When I was clerking for a judge in my first year as a lawyer, we had a case that centered around if a person could lawfully shoot a dog that is attacking his chickens. The law said that he could shoot him if the dogs were "bothering or wounding" the chickens. Plaintiff was suing for the value of his dogs that were killed and emotional distress. His argument was that the dogs were not bothering or wounding the chickens because they were running away when the farmer came outside with the shotgun.
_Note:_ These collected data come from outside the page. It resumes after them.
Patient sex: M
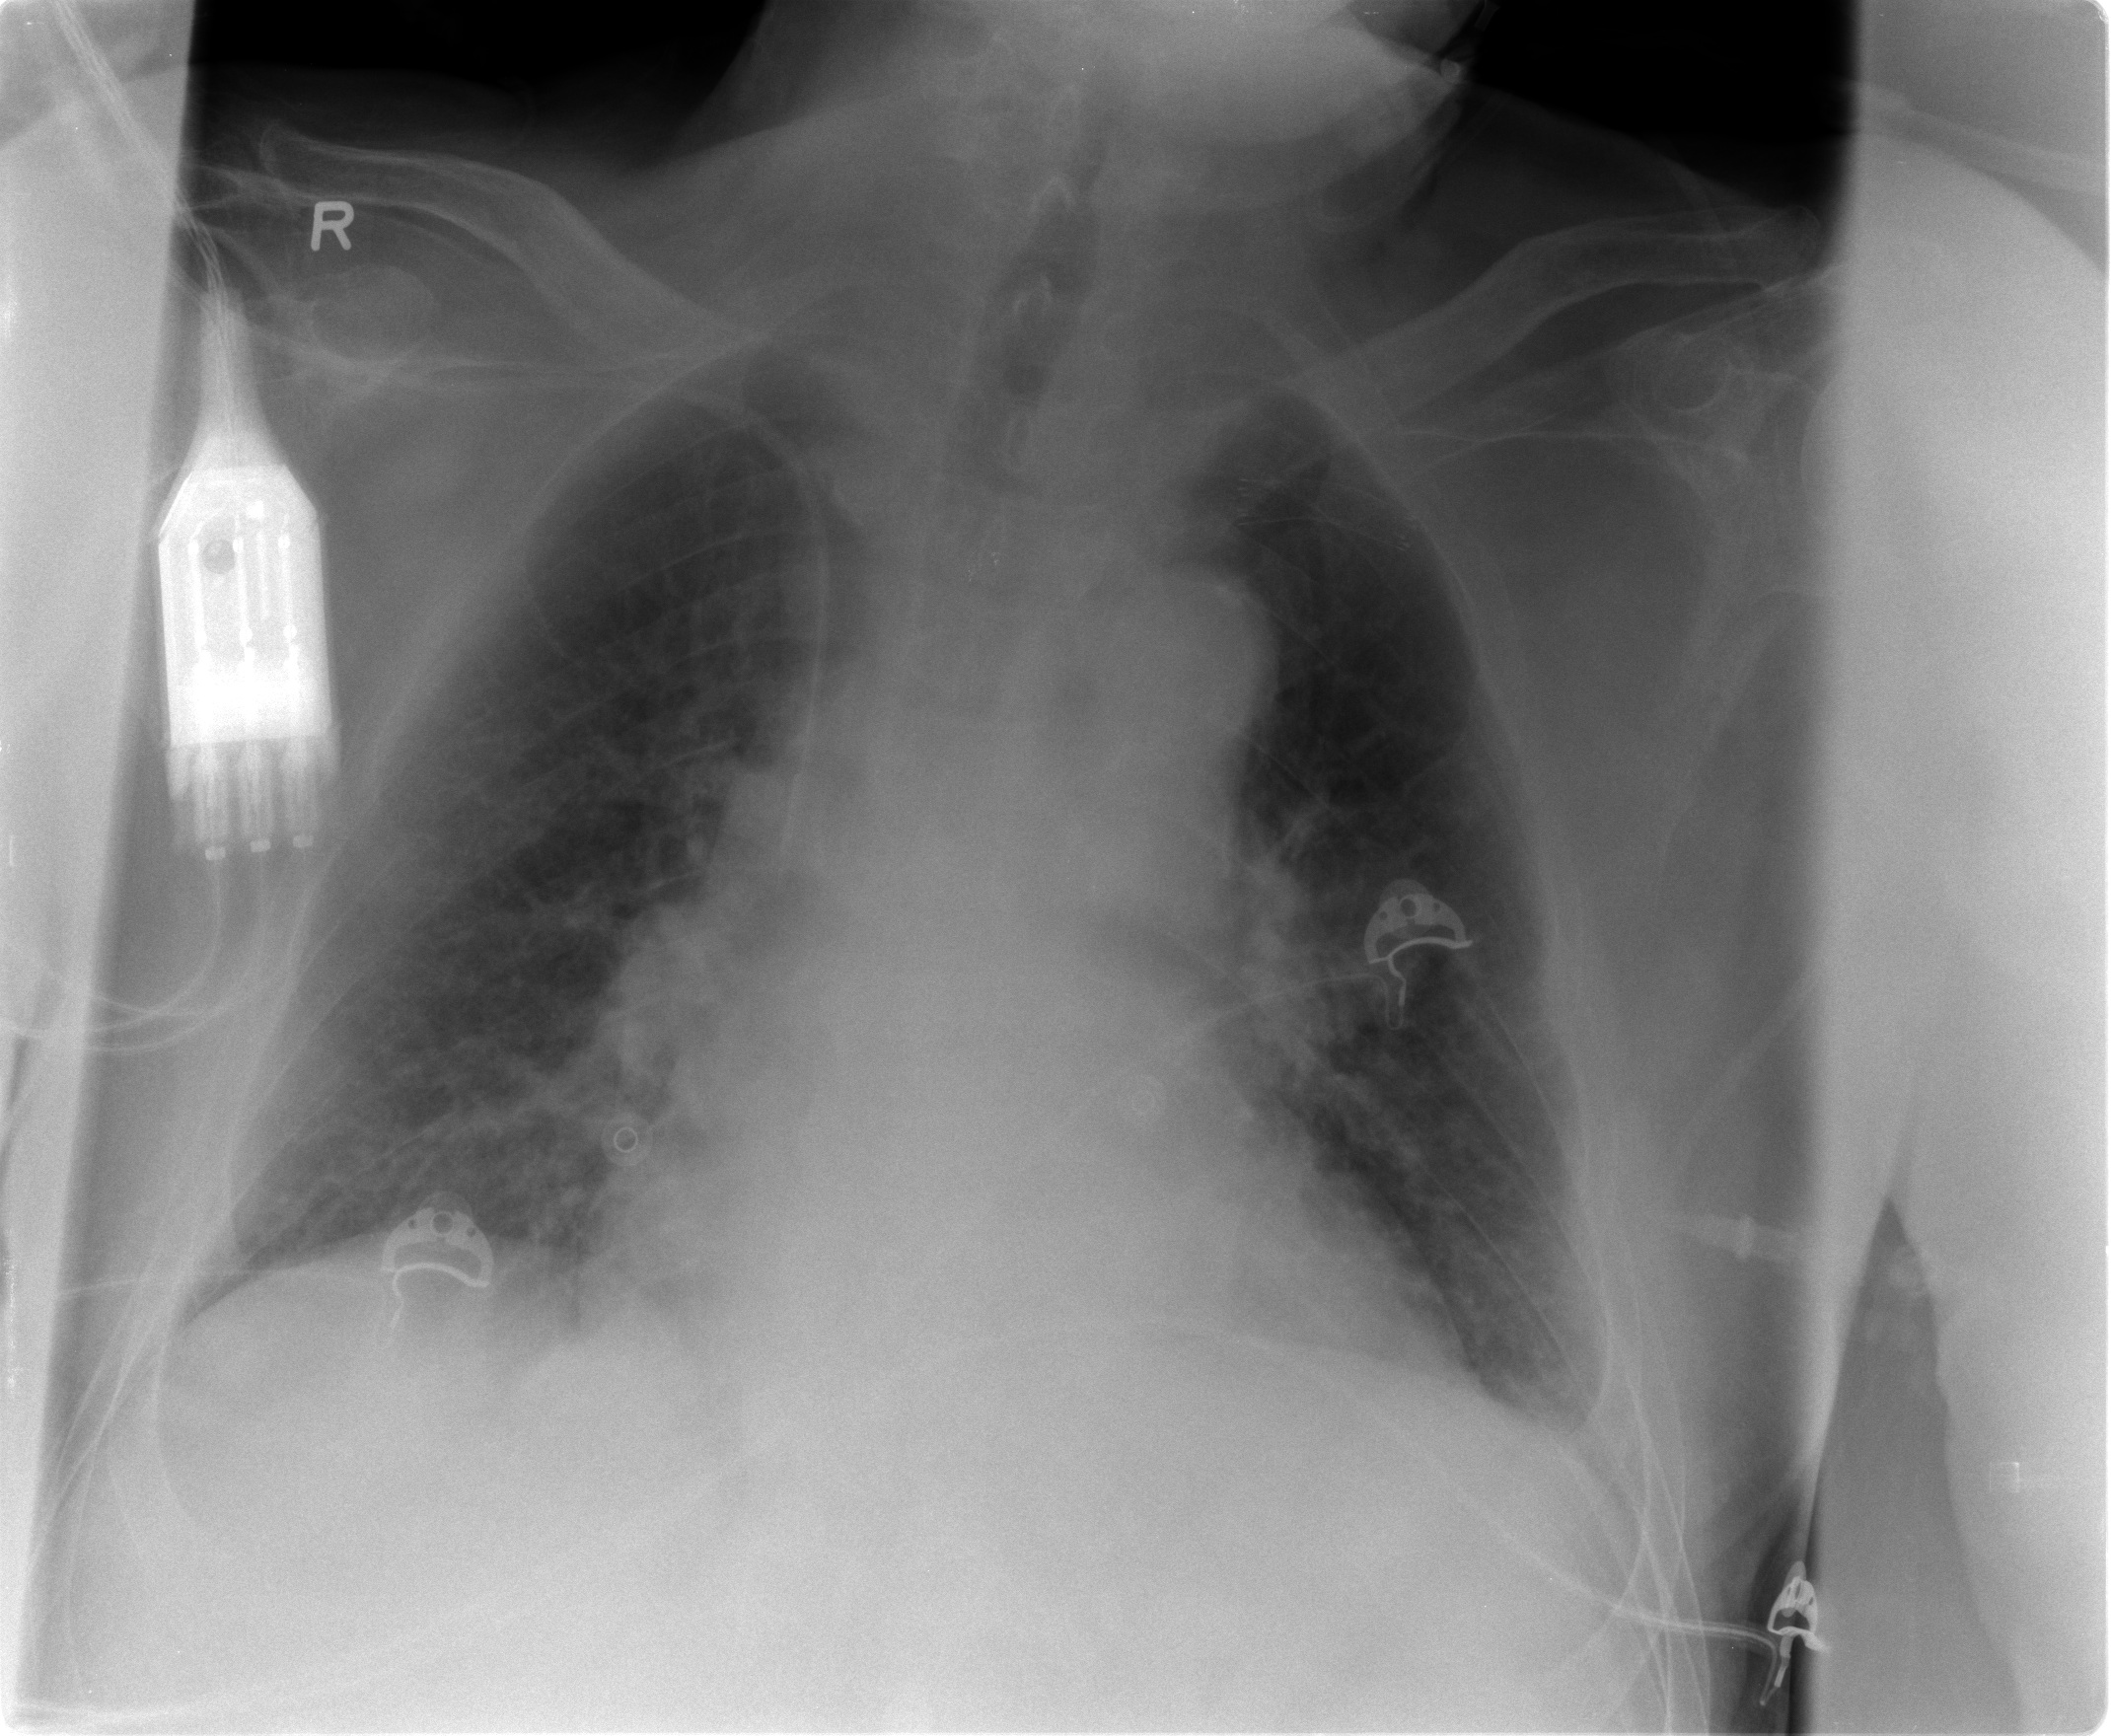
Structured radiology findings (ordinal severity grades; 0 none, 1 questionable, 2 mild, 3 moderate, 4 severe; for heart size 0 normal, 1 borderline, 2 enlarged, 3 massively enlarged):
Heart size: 2
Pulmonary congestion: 2
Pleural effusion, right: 0
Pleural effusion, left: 1
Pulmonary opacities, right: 3
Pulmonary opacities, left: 2
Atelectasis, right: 1
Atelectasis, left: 1

He then argues that wounding has to be active. So he gave an example. If the dog has a chicken in his mouth you can shoot. If he drops it but the chicken is floundering right in front of him you cannot shoot as the wounding has ended. Picks it back up? Shoot the mut. Lightly paws at it? Not wounding!
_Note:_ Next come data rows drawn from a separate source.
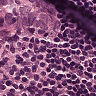
Metastatic tissue present: yes
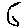
Label: moon
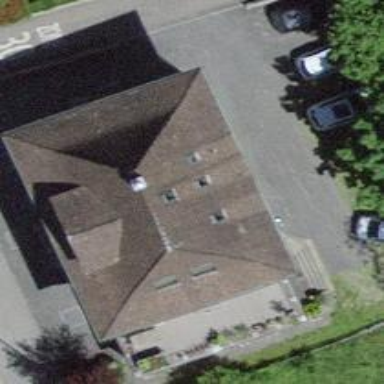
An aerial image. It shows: Building with hipped roof made of roof tiles.
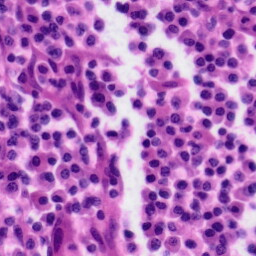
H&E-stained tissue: Tonsil
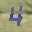
Label: 4
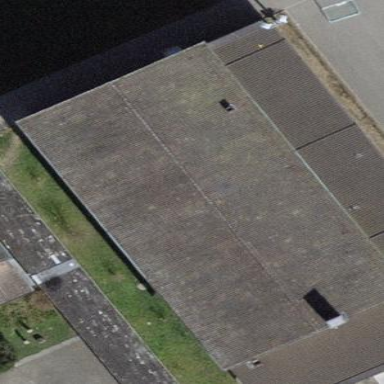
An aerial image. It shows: Building with tile roof.
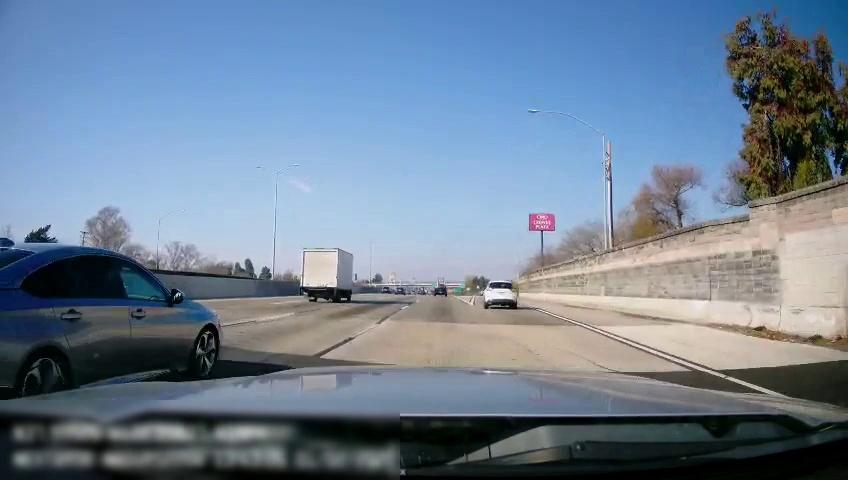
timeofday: Day
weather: Sunny
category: Drivable Space
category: Vehicles | SUV
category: Vehicles | Car
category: Vehicles | Truck
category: Vehicles | SUV
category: Vehicles | Car
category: Lanes | Current Lane
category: Lanes | Alternate Lane
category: Lanes | Alternate Lane
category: Lanes | Alternate Lane
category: Lanes | Current Lane
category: Lanes | Current Lane
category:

It was ridiculous and inconsistent with caselaw. I wrote the opinion awarding defendant summary judgment (here comes my favorite part). Plaintiff asks for a reconsideration based on a single word I used in a throwaway line in the 8 page opinion (I said it was reasonable to assume that the dogs were still a danger to the chickens).

During the reconsideration, the partner from the firm comes for plaintiff instead of joe schmo and says "frankly judge I have always thought you were the finest attorney in the region, so I'm shocked you got this so wrong. It's baffling to me." Judge didn't react but I was plenty offended on his behalf. So I am tasked with writing the reconsideration opinion. I wrote a two page summary of the hearing with no indication on the two pages which way we were leaning then pasted the original 8 pages but with the sentence about reasonableness omitted.
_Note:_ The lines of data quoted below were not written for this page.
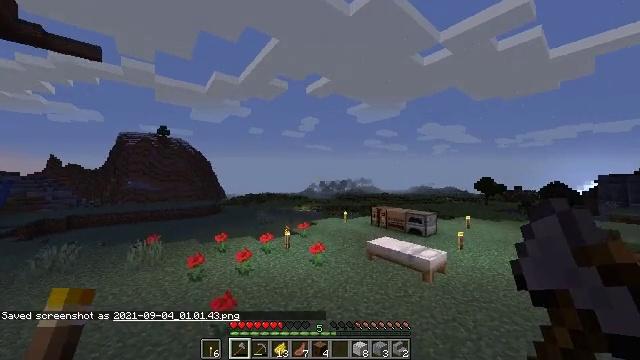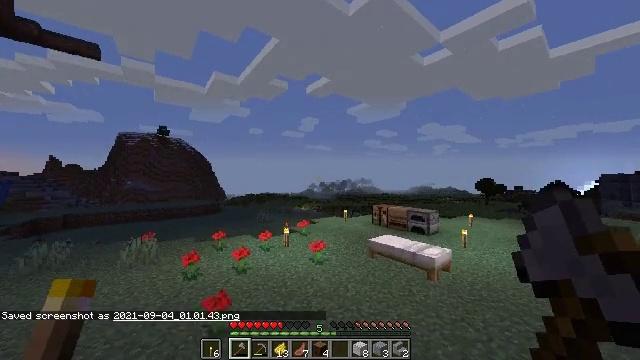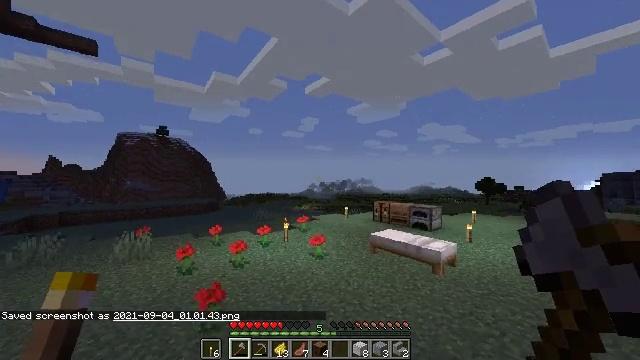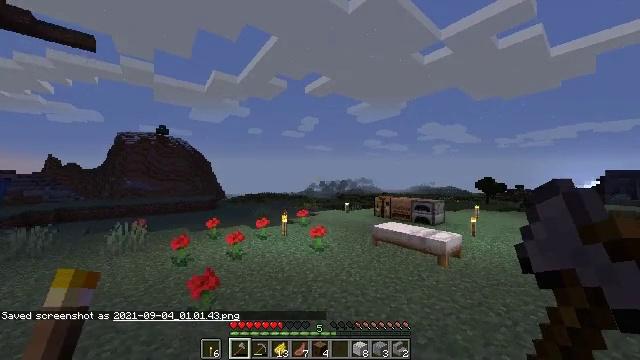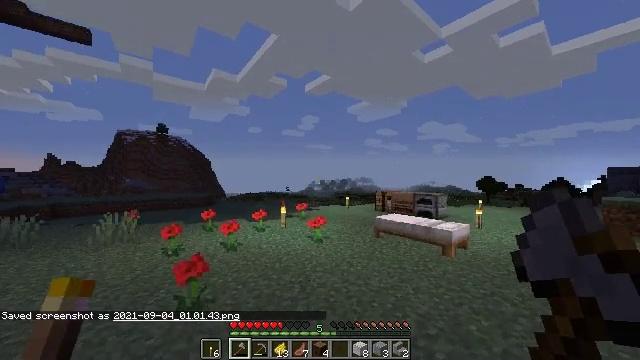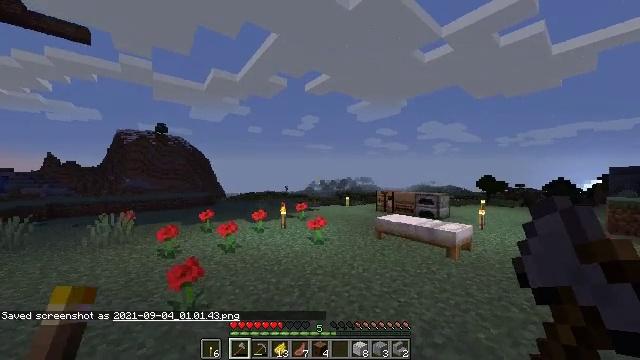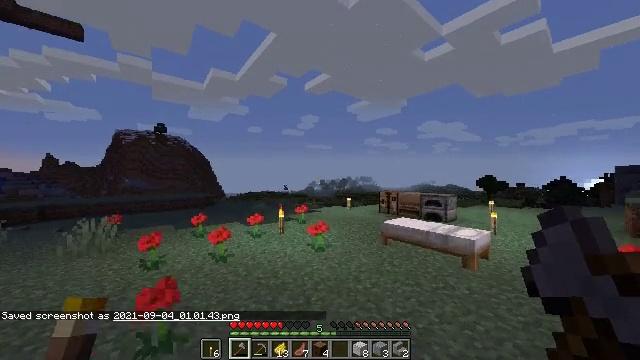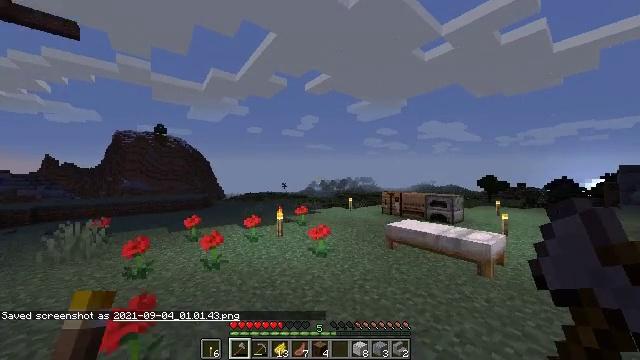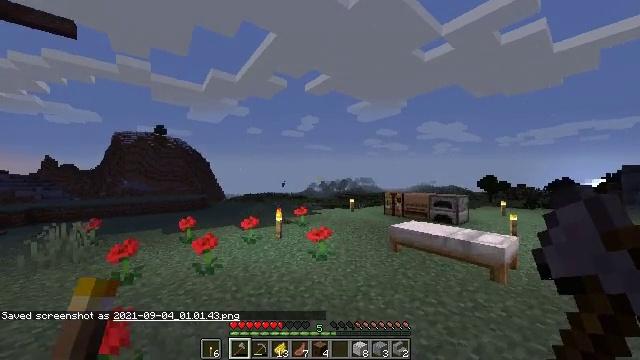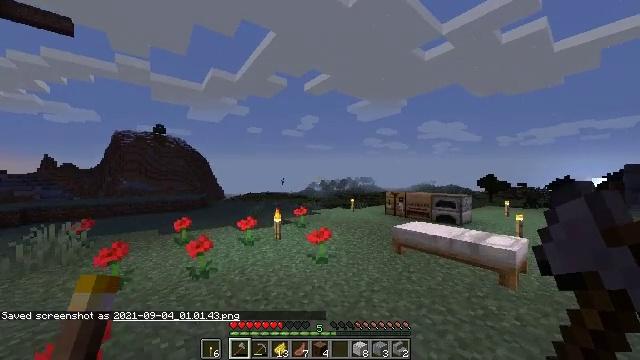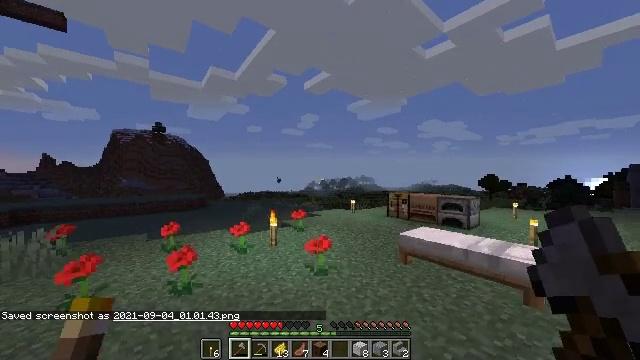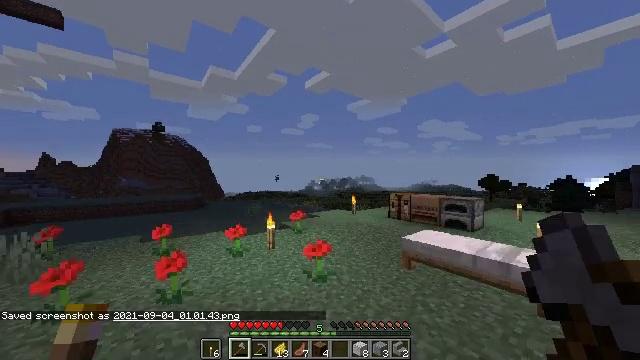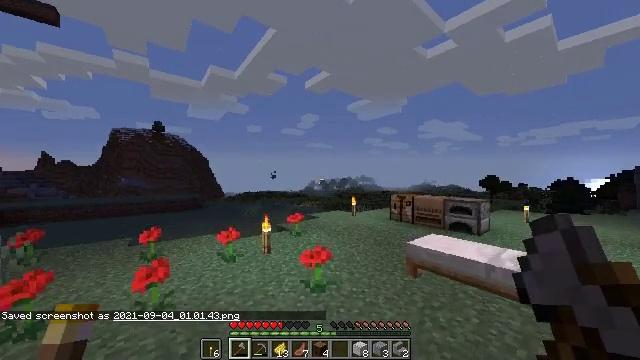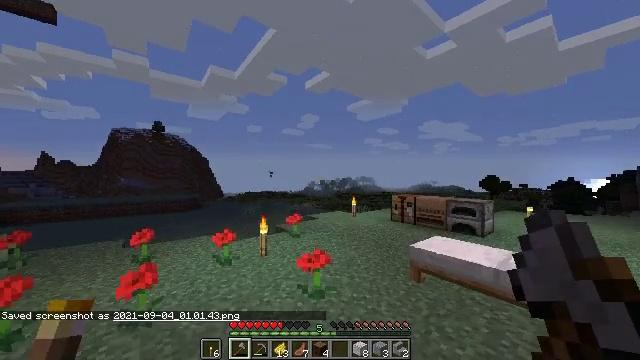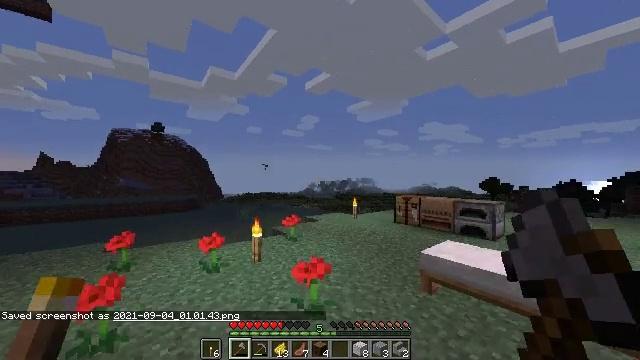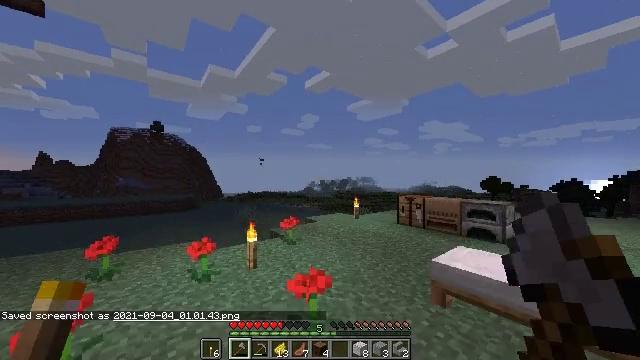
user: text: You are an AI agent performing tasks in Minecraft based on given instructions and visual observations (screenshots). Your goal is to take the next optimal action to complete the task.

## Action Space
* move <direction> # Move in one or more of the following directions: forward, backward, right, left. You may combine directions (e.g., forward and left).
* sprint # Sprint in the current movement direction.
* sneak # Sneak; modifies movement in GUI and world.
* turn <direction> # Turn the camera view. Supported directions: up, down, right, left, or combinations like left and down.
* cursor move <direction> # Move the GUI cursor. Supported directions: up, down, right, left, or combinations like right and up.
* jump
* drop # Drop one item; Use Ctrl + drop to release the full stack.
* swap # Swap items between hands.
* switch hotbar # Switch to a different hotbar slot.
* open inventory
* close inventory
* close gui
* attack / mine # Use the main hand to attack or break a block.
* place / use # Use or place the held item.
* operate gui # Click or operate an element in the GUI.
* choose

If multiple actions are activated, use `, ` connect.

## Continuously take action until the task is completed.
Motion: motion action
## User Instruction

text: Retrieve polished diorite from the environment.
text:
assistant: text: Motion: move forward
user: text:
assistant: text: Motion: move forward
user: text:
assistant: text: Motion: move forward
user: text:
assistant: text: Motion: move forward
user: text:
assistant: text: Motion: move forward
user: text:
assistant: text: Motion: move forward
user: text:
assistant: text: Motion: move forward
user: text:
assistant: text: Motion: move forward
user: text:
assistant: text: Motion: move forward
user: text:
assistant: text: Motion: move forward
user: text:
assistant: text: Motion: move forward
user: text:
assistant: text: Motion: move forward
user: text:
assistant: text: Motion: move forward
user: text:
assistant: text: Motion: move forward
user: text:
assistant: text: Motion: move forward
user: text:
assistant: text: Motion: move forward
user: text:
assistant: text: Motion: move forward
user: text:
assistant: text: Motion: move forward
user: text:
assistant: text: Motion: move forward
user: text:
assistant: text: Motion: no_op
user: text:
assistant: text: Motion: no_op
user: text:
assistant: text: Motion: no_op
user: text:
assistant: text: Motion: no_op
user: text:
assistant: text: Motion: no_op
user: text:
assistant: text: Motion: no_op
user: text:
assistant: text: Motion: no_op
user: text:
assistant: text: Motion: no_op
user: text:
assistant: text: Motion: no_op
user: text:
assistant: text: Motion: no_op
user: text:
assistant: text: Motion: no_op

I wish I could have watched that lawyer read 3 pages deep to realize it was the exact same decision as before.

[–]PlutoniumPa 128 ポイント129 ポイント  (4子コメント)

There was this defendant that was running a Ponzi scheme with a story about going into depleted mines in South America with new technology to recover previously unrecoverable gold. He was actually using half of the money to buy gold bullion to dazzle investors, and pocketing the other half. When they arrested him, they found a shit-ton of gold under his bed.

At his sentencing hearing a few years later (around 2011), it was argued that his sentence should be significantly reduced because, in the intervening time, the gold that had been seized had greatly appreciated in market value such that the investor victims would be mostly paid back in full, showing that his "investment" was actually prudent.

[–]Kull_Story_Bro 128 ポイント129 ポイント  (4子コメント)

Not a lawyer but I once heard the worst argument of all time being made by this kid and his father to their attorney. It goes something like this:

I only drive this car while I'm at home and I have a different one at school. When you drive this car it accelerates much faster than you realize and you easily lose track of your speed.

No shit Sherlock, some cars are fast and we have this magical gauge that tells you your exact speed! Jesus Christ.

[–]queenofhearts90 1760 ポイント1761 ポイント  (104子コメント)

Of course I'm not a lawyer ~ was doing my journalism degree and was just watching cases all day for an assignment.

One guy was up on drug charges for distribution. He was selling weed. His lawyer tried to argue to the judge that weed never hurt anyone, and it even made it easier for police during domestic disturbance calls, and that, in fact, the police should be using his client to get weed to calm people down.

His client got something like 3 years in jail, and 5 years probation.